● Work item
Could you restate the data below word for word, without its pictures?
**** Provided material
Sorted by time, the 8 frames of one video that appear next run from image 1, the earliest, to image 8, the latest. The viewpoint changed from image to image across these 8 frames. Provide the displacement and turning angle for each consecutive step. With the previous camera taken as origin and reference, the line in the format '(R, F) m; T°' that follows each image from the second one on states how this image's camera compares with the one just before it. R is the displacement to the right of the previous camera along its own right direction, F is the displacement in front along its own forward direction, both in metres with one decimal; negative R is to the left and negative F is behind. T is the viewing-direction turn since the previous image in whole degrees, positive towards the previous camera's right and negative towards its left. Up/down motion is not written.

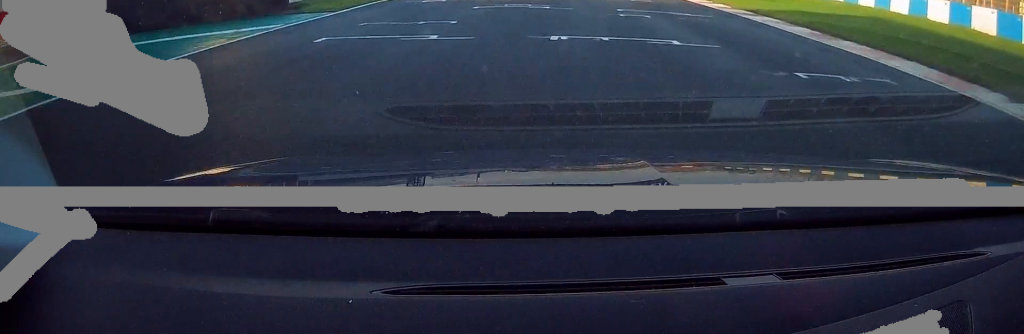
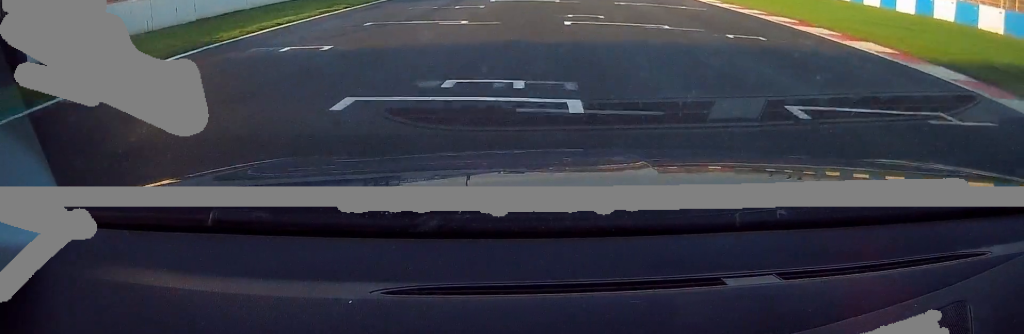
(+0.3, +13.7) m; +2°
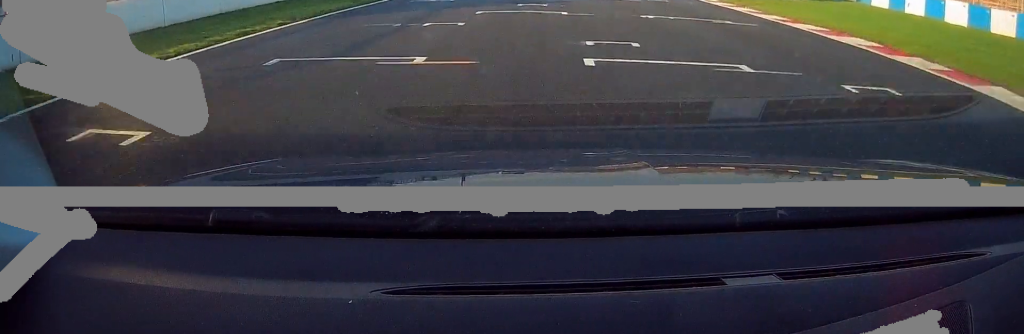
(0.0, +5.6) m; 0°
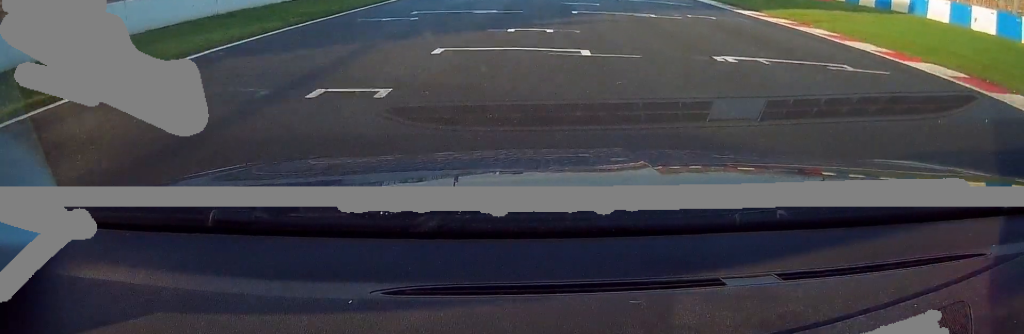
(0.0, +7.0) m; 0°
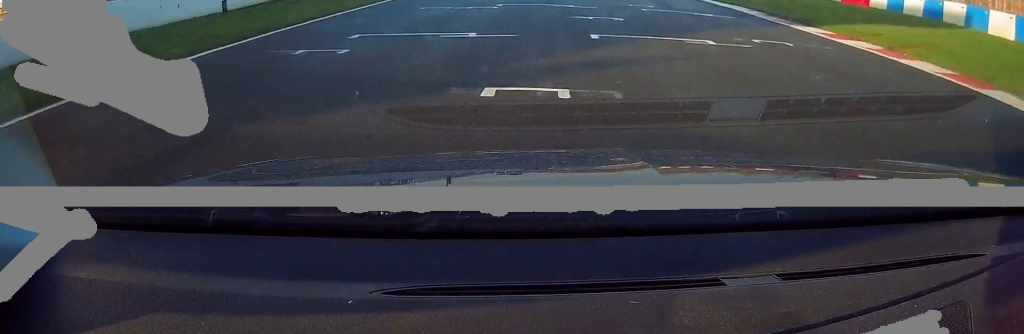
(0.0, +5.9) m; -1°
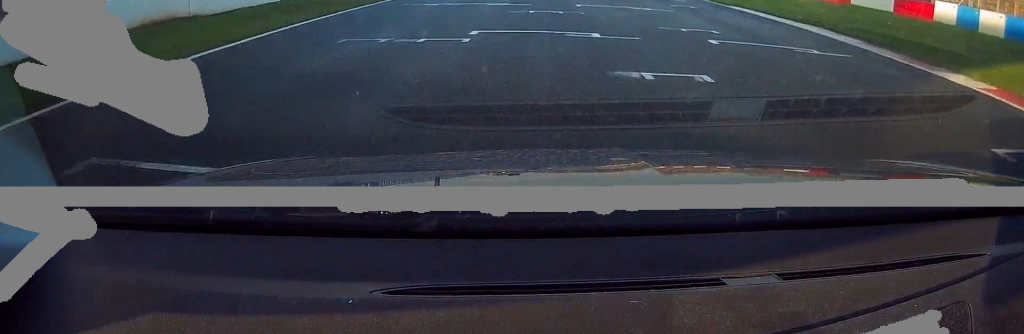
(+0.1, +7.9) m; -1°
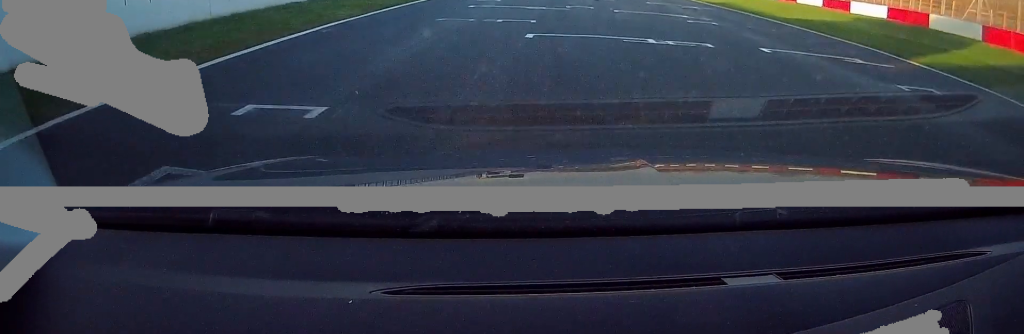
********
● Response box
Sorted by time, the 8 frames of one video that appear next run from image 1, the earliest, to image 8, the latest. The viewpoint changed from image to image across these 8 frames. Provide the displacement and turning angle for each consecutive step. With the previous camera taken as origin and reference, the line in the format '(R, F) m; T°' that follows each image from the second one on states how this image's camera compares with the one just before it. R is the displacement to the right of the previous camera along its own right direction, F is the displacement in front along its own forward direction, both in metres with one decimal; negative R is to the left and negative F is behind. T is the viewing-direction turn since the previous image in whole degrees, positive towards the previous camera's right and negative towards its left. Up/down motion is not written.

(+0.3, +13.7) m; +2°
(0.0, +5.6) m; 0°
(0.0, +7.0) m; 0°
(0.0, +5.9) m; -1°
(+0.1, +7.9) m; -1°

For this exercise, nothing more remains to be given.